Client tools nightlies & installers

[philpennock]

The request was: a reliable shell installer for nats and nsc and perhaps ngs CLI tools, with the following mandates:

• Want real nightlies.
• Derek wants CloudFlare not S3.
• Need all tools installed to same location.
• CF, nice name, CDN, goreleaser. Explicit release or a nightly.

Release channels:

• nightlies: both server and tools all nightly
• release: release nats server, release clients

Want the nats-server to be split out from the CLI and installed separately, so that can rewrite the CLI in another language, and manage multiple local installs.

Tentatively: CE repo controlling it all, with YAML definitions of the streams, build everything out from there, able to update release channels after a release.

The installer should handle completions

Unstated in the meeting but implicit from an Operations PoV: we should have monitoring of the nightlies.

Phil is on the hook for the nightlies, the site, and the shell installer, but not for installers for Windows.

[philpennock]

Current status:

• The shell client installer works
  • but isn't yet checking checksums
  • it manages the channels, and sticking to one channel, and is extensible to new channels and additional tools, via a config file
• We have a new site, https://get-nats.io/, which redirects to synadia.com right now but that is easy to adjust.
• Nightlies are built and published
  • Includes a "latest available" datestamp on a fixed URL
    • used for the installer
    • can be used in monitoring
  • These are published into the CF CDN as KV store objects with a 2 week TTL

The README.md at the top level of https://github.com/ConnectEverything/client-tools/ goes into detail of what we have.

We aren't copying the release assets for a given release from GitHub into the CloudFlare CDN, and the consensus of the sync meeting on 2022-02-02 was that we should just serve from the GitHub CDN. That's fine, the config file we serve to the installer says where to fetch from, we can easily point it to a new location.
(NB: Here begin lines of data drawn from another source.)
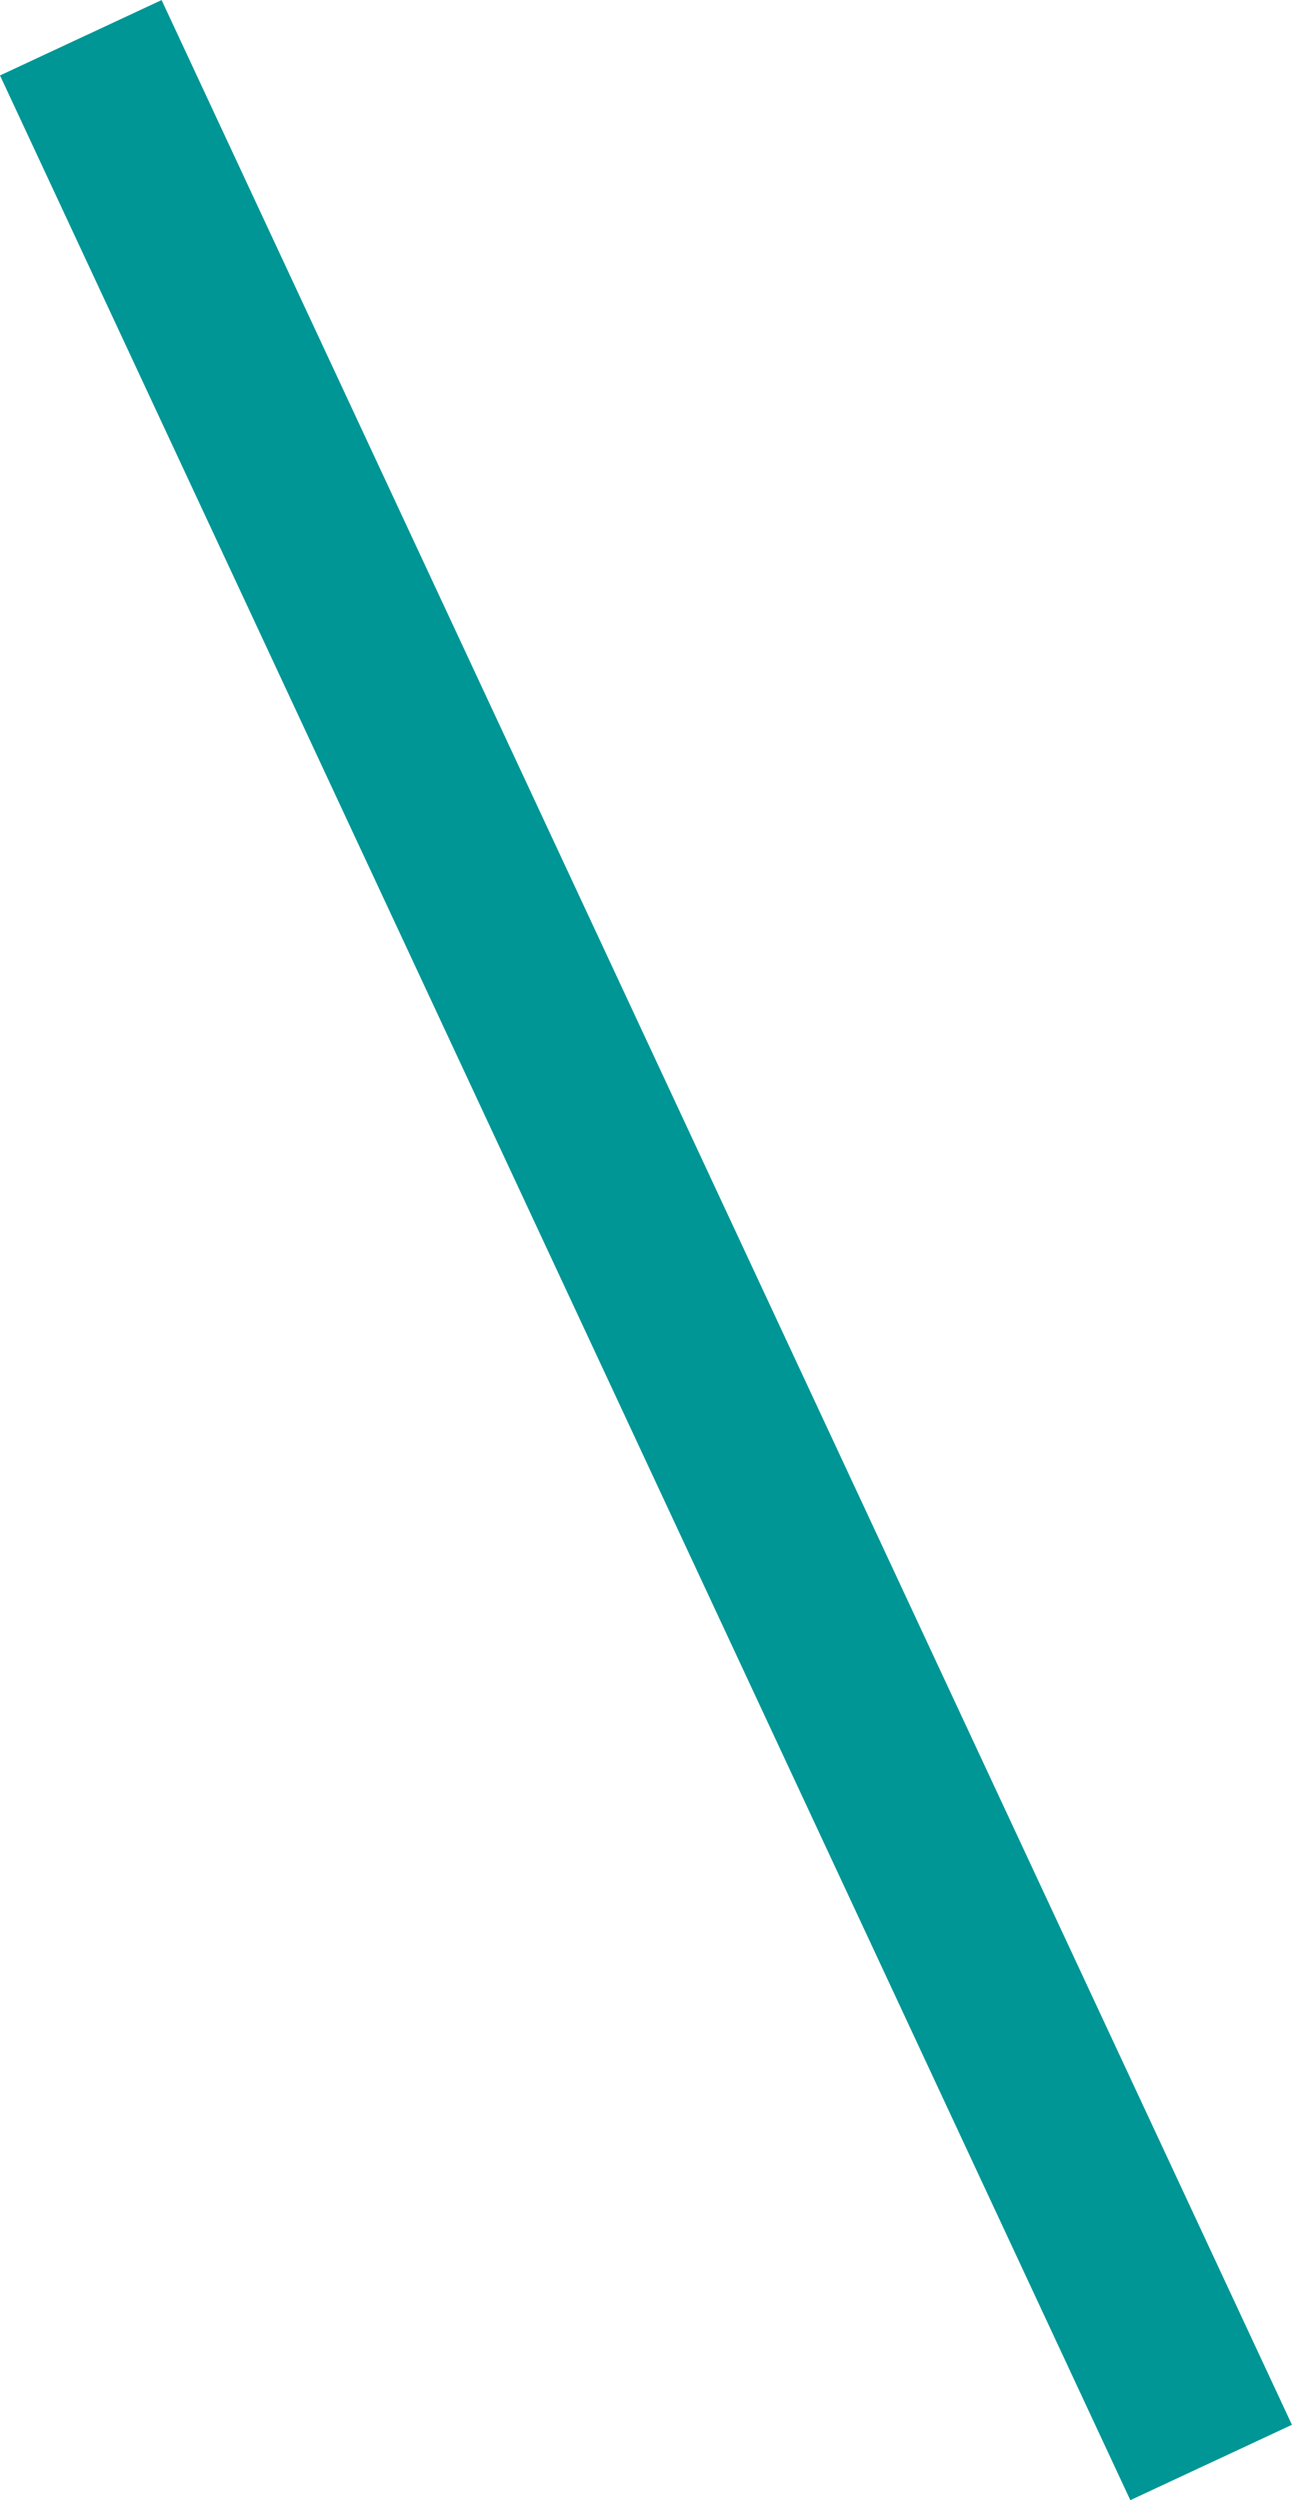 <svg xmlns="http://www.w3.org/2000/svg" width="7.246" height="14.017" viewBox="0 0 7.246 14.017">
  <rect id="Rectangle_870" data-name="Rectangle 870" width="1" height="15" transform="translate(0 0.423) rotate(-25)" fill="#009696"/>
</svg>

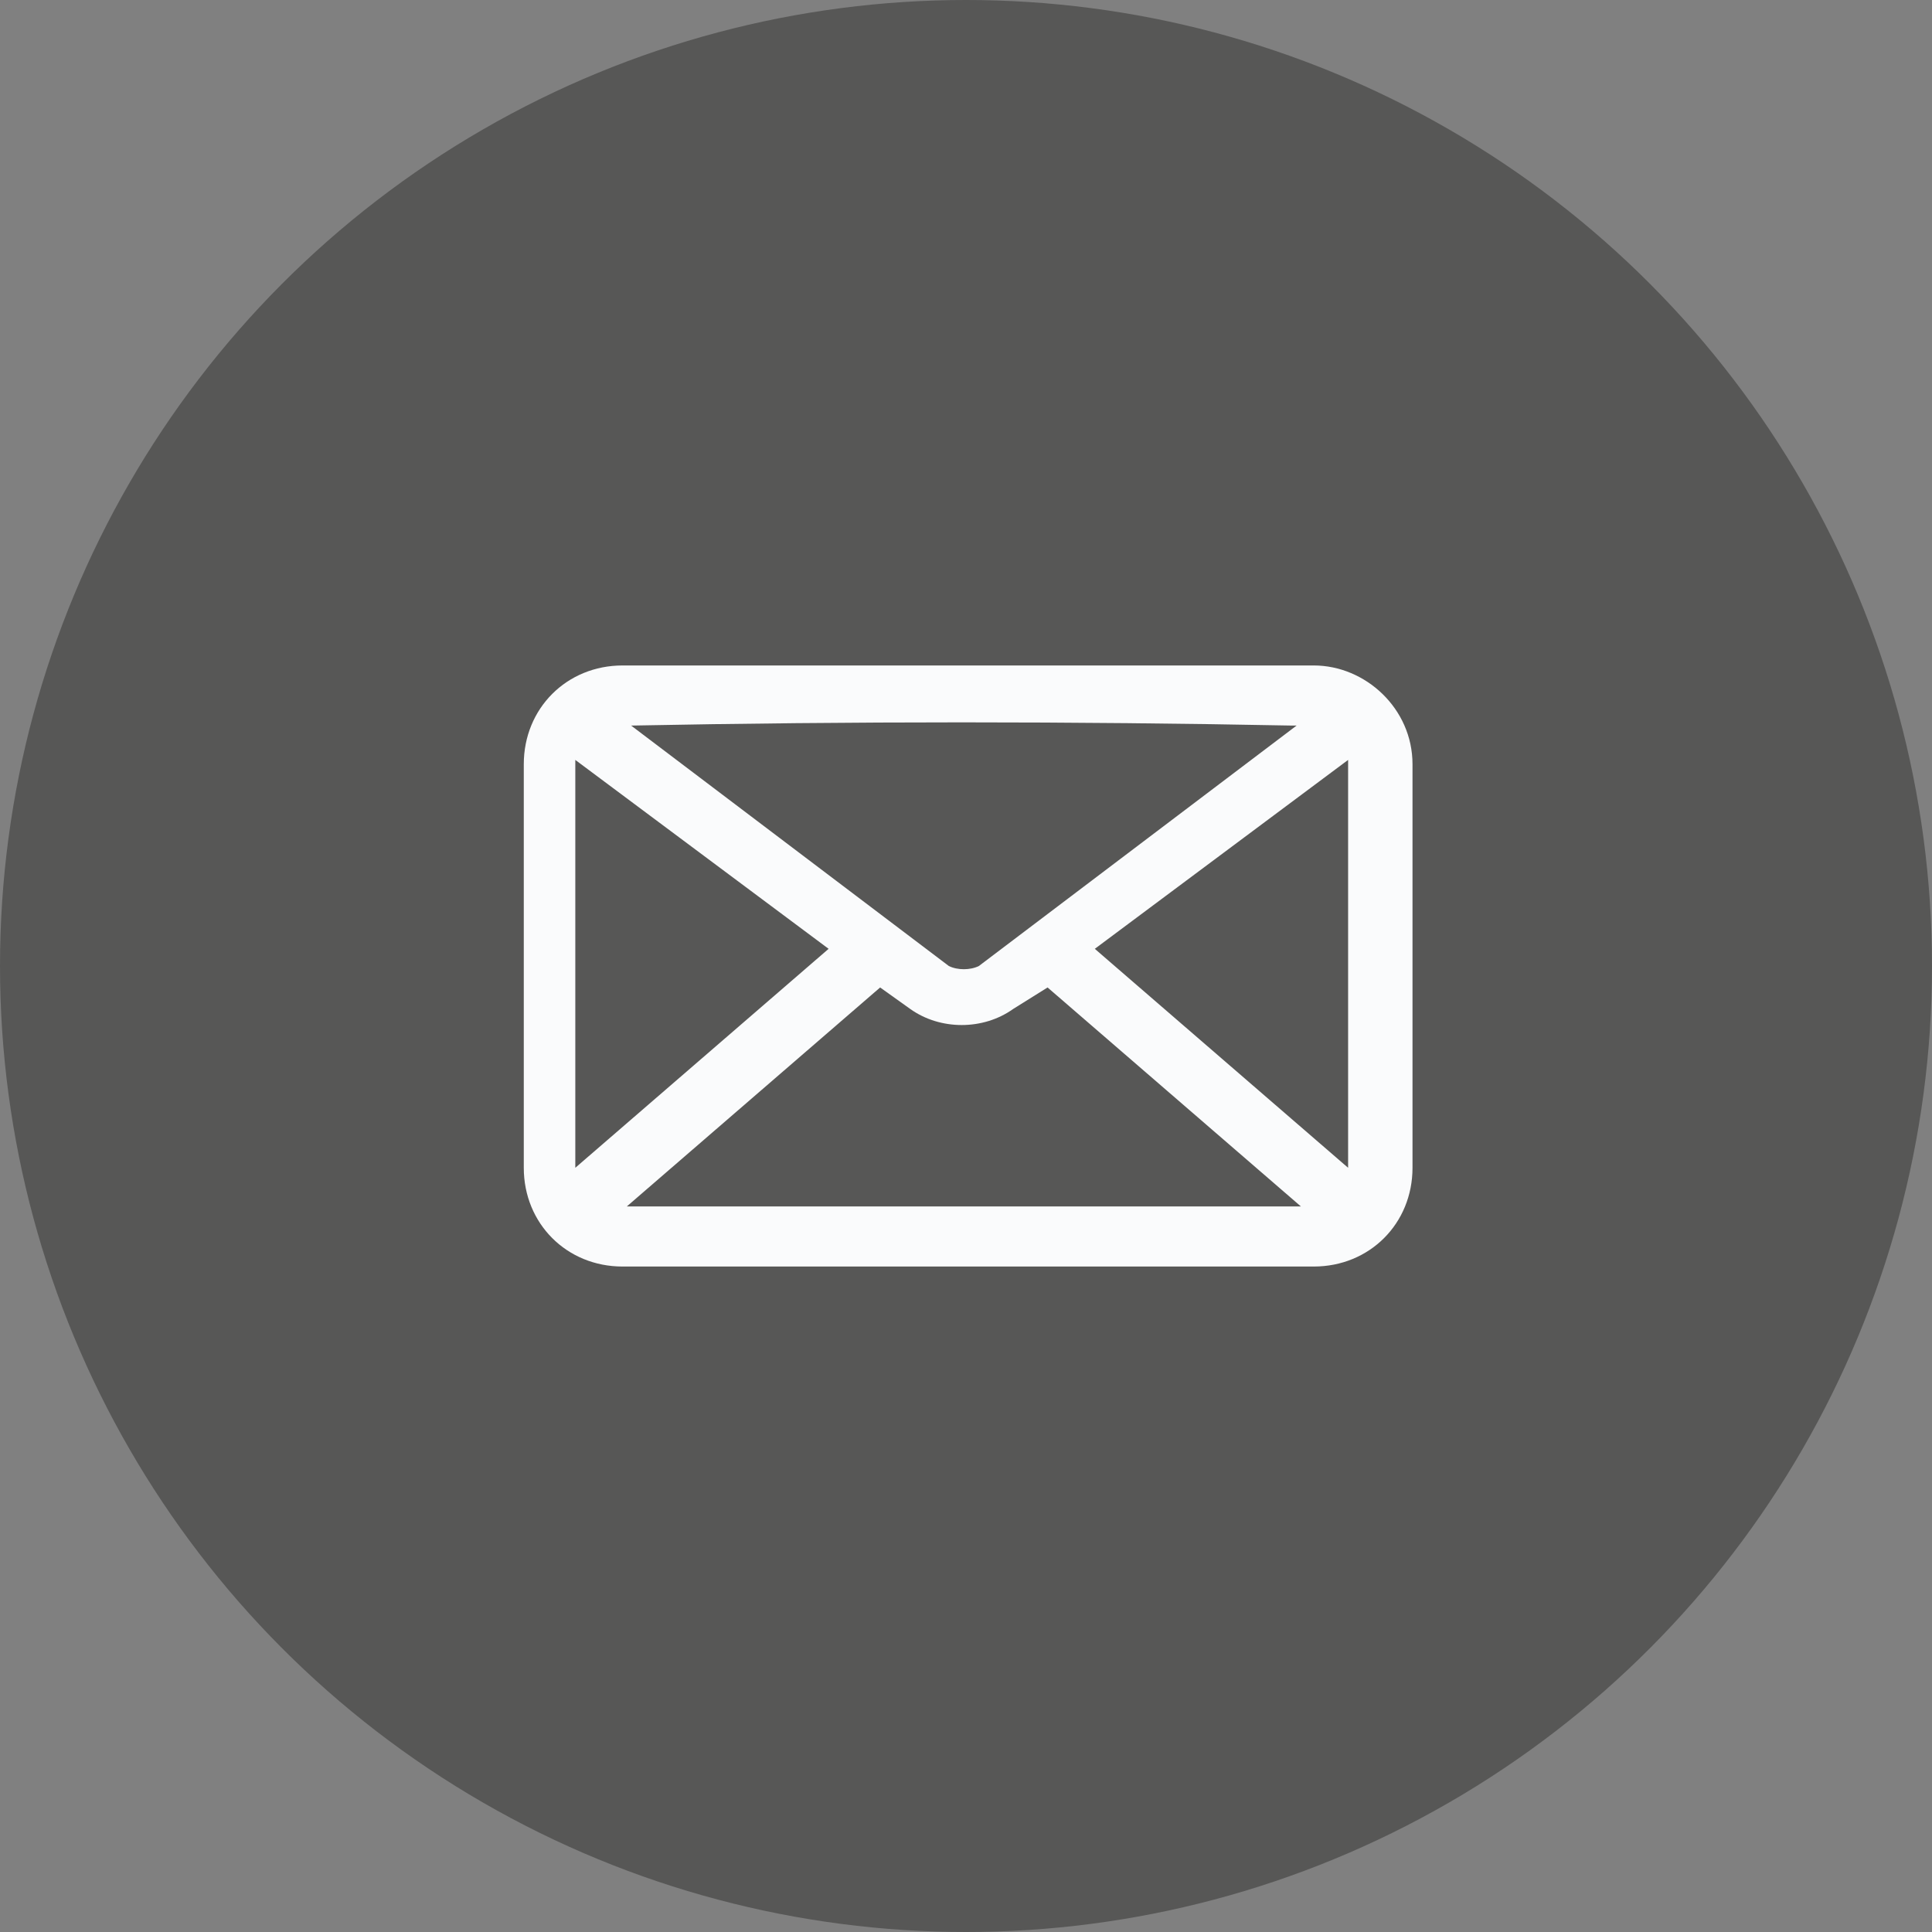 <?xml version="1.0" encoding="UTF-8"?>
<!-- Generator: Adobe Illustrator 23.0.0, SVG Export Plug-In . SVG Version: 6.00 Build 0)  -->
<svg xmlns="http://www.w3.org/2000/svg" xmlns:xlink="http://www.w3.org/1999/xlink" id="Content" x="0px" y="0px" viewBox="0 0 45 45" style="enable-background:new 0 0 45 45;" xml:space="preserve">
<rect x="0" y="0" width="45" height="45" fill="#808080" stroke="none"/>
<style type="text/css">
	.st0{fill:#575756;}
	.st1{fill-rule:evenodd;clip-rule:evenodd;fill:#FAFBFC;}
</style>
<title>angleCUF_Contact_Icon</title>
<g id="Promo_1">
	<g id="Top-2">
		<g id="Cart">
			<g id="Button_Stroke_Image-6">
				<circle class="st0" cx="22.5" cy="22.5" r="22.5"></circle>
				<path class="st1" d="M32.9,17.8v9.4c0,1.3-1,2.3-2.3,2.3c0,0,0,0,0,0H14.5c-1.3,0-2.3-1-2.3-2.3c0,0,0,0,0,0v-9.4      c0-1.3,1-2.3,2.3-2.3c0,0,0,0,0,0h16.1C31.8,15.5,32.9,16.5,32.9,17.8C32.9,17.8,32.9,17.8,32.9,17.8z M30.1,16.9      c-5.1-0.1-10.3-0.1-15.4,0l7.4,5.6c0.2,0.1,0.5,0.1,0.7,0l7.4-5.6H30.1z M13.4,27.2l5.9-5.1l-5.9-4.4l0,0      C13.4,17.7,13.4,27.2,13.4,27.2z M30.3,28.1L24.4,23l-0.8,0.5c-0.7,0.5-1.7,0.5-2.4,0L20.5,23l-5.9,5.1L30.3,28.1z M31.4,17.7      l-5.9,4.4l5.9,5.1v-9.4l0,0L31.4,17.7z"></path>
			</g>
		</g>
	</g>
</g>
</svg>

The domain get-nats.io minimized bureaucracy around getting a convenient domain up and running; it has DNSSEC enabled and completely disables email service.

TODO:

• implement checksum verification, by hunting for various tools which might be available for verifying checksums and using the first one found
• monitoring that the date in https://get-nats.io/current-nightly is not too old
• install tab-completions too
• sweep for FIXME cleanup
• sync the set of OS combinations which we support, so that, eg, FreeBSD works

[philpennock]

• Checksum verification done
• Monitoring set up in Checkly; see README
• FIXME: two left, in .github/workflows/nightly.yaml; one is for adding cosign signing (a bigger issue), one is minimizing the permissions, neither is a blocker for public use
• freebsd builds nats-io/nsc#457 submitted to add FreeBSD support; pending

[philpennock]

The proposed/offered JSON format has now been implemented, as two files, to let other installers use whatever's easiest for them.

[philpennock]

Tab-completion for zsh done, don't know enough about the bash completion ecosystem to want to write something for it right now.

This just leaves the platform sync between tools. Otherwise, I believe I'm all done.

(Unless we add artifact signing)

[philpennock]

Done. There's the Windows installer, by Scott, to merge but all the development and deployment work on me is complete.

I've opened #3 for artifact signing, as opposed to just having signatures.